Japan flag. Sumo - An Overview

Sumo Wrestling - not fat guys in diapers 相撲

Andrea Marcus

Sumo wrestler Futeno.

Mention the word sumo to most wet-behind-the-ear foreigners and the first response you're likely to hear is, "Ah, fat guys in diapers." It's a sure-fire way to separate the tourists from the expats who've been in Japan for any significant length of time.

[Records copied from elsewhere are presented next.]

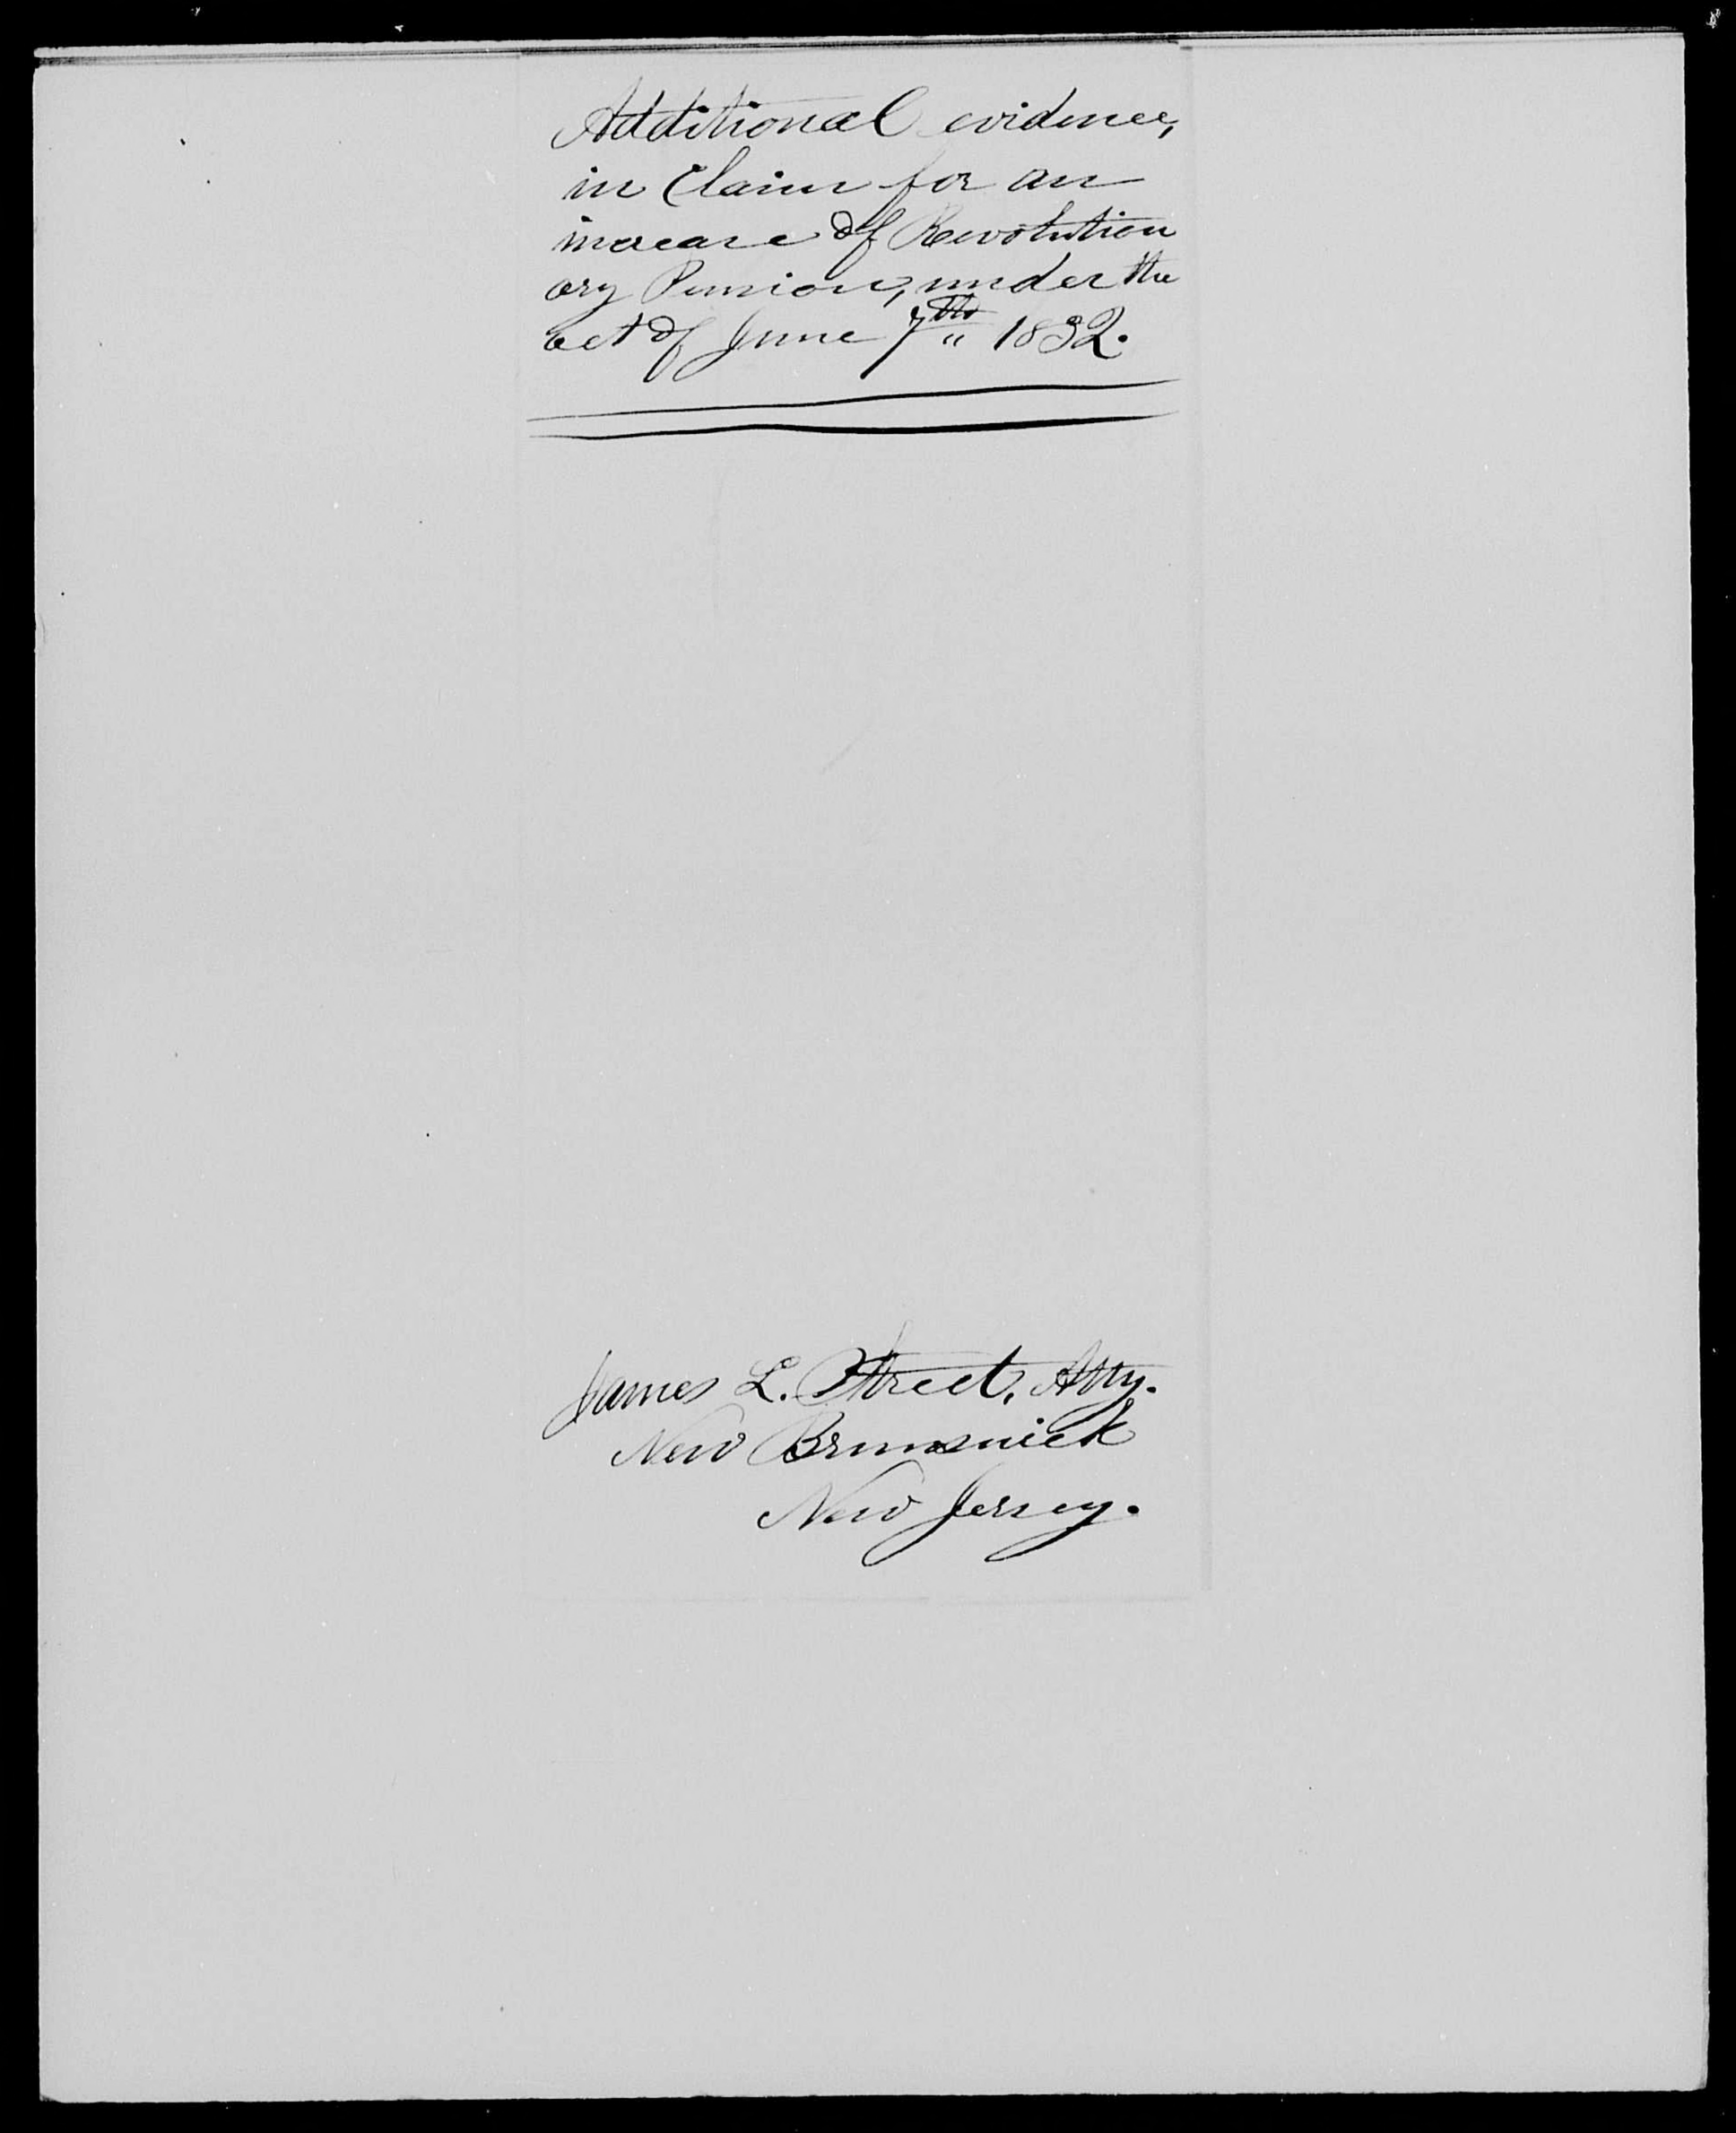Additional evidence
in Claim for an
increase of
Revolutionary Pension,
under the act
of June 7th 1832.

James L. Street, Atty
New Brunswick
New Jersey

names: James L Street
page: 47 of 52
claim: widow's
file: W. 919, Joel Dunn, New Jersey

That's because anyone who's even remotely familiar with Japan's unofficial national sport (baseball is the official pastime) knows there's far more to it than pot bellies and Pampers.

History of sumo

Far from being infant, sumo has a history of well over 1,500 years, although the exact date and origins of the sport are a matter of debate. What is known is that mythical bouts between gods appear in some of Japan's oldest written documents, some dating back over 2,000 years.

By the seventh century the sport was a regular fixture on the grounds of the Imperial Palace and over the subsequent millennium gradually transformed into the sport we know today. The center of present day sumo is now in Ryogoku, in Tokyo's Sumida ward, where the distinctive sumo stadium, the Kokugikan, dominates the Ryogoku station area.

Sumo had already turned professional by the Edo Period (1600-1867) - eat your hearts out soccer and baseball aficionados - and although the sport has been through some lean years since then, no one can deny its still-prominent place on the Japanese sports mantel.

Sumo wrestlers banners, Kokugikan, Ryogoku.

Sumo wrestlers' banners fly outside the Kokugikan in Ryogoku, Tokyo



Sumo basho.

Sumo tournaments, or basho, are held six times each year in January, March, May, July, September and November.

Three of the tournaments take place at Kokugikan in Ryogoku, the heart of sumo in Tokyo. The other basho are held in Osaka (March), Nagoya (July) and Fukuoka (November).

Sumo tournaments

Tournaments run for 15 days and always begin and end on Sundays. Tickets range in price from a few thousand yen for general admission seats to upwards of 50,000 yen for four-seater box seats.

Unlike at most major sporting events, drinking is not frowned upon at sumo, and the beer, shochu and whatever else you smuggle in with you can be imbibed free of repercussions in the box seats, which are actually not seats at all, but a square portion of floor with cushions to rest your bottom on. Comfortable for those on the smallish side, but inadvisable for those closer in size to the participants.

A day at the sumo

A typical day starts at 9 a.m. and ends at 6 p.m., but only diehards and the slightly mad show up much before 3 p.m., when the juryo (lower-professional) wrestlers begin their bouts. The top-ranked makuuchi wrestlers make their way to the ring about an hour later.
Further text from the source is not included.